• Your assignment: Repeat nothing but the lines below running from the one containing "country: AT" to the one containing "stones on the ground: < 10 %". Keep both end lines.

• Data to use:
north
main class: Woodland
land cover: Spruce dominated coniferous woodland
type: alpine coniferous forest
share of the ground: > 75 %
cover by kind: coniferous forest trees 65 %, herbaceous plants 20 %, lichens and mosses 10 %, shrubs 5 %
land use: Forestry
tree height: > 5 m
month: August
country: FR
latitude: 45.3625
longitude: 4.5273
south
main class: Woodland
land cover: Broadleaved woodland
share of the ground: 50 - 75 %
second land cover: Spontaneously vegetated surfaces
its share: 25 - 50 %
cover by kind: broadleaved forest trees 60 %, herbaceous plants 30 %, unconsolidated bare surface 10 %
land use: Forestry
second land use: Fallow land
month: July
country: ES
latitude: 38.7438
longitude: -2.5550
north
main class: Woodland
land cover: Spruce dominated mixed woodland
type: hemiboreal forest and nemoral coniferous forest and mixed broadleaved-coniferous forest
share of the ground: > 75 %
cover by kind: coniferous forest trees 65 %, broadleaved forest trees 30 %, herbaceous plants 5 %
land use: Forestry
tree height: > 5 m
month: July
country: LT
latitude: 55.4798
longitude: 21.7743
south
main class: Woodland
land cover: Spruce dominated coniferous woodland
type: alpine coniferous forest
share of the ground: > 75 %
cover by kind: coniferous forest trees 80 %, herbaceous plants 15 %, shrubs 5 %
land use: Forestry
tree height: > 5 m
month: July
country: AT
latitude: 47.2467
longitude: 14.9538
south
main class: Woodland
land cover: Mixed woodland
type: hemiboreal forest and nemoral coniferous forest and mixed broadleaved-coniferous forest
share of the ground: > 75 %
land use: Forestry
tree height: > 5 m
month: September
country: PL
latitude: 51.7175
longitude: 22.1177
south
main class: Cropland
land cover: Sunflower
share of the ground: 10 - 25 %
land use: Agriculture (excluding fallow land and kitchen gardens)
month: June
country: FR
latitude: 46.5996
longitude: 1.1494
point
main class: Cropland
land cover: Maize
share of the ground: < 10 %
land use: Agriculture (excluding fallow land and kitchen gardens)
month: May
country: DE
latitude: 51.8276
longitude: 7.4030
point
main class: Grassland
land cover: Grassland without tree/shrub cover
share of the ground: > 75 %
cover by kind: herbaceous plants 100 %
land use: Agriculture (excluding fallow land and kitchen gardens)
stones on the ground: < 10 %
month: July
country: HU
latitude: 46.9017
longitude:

• Response area:
country: AT
latitude: 47.2467
longitude: 14.9538
south
main class: Woodland
land cover: Mixed woodland
type: hemiboreal forest and nemoral coniferous forest and mixed broadleaved-coniferous forest
share of the ground: > 75 %
land use: Forestry
tree height: > 5 m
month: September
country: PL
latitude: 51.7175
longitude: 22.1177
south
main class: Cropland
land cover: Sunflower
share of the ground: 10 - 25 %
land use: Agriculture (excluding fallow land and kitchen gardens)
month: June
country: FR
latitude: 46.5996
longitude: 1.1494
point
main class: Cropland
land cover: Maize
share of the ground: < 10 %
land use: Agriculture (excluding fallow land and kitchen gardens)
month: May
country: DE
latitude: 51.8276
longitude: 7.4030
point
main class: Grassland
land cover: Grassland without tree/shrub cover
share of the ground: > 75 %
cover by kind: herbaceous plants 100 %
land use: Agriculture (excluding fallow land and kitchen gardens)
stones on the ground: < 10 %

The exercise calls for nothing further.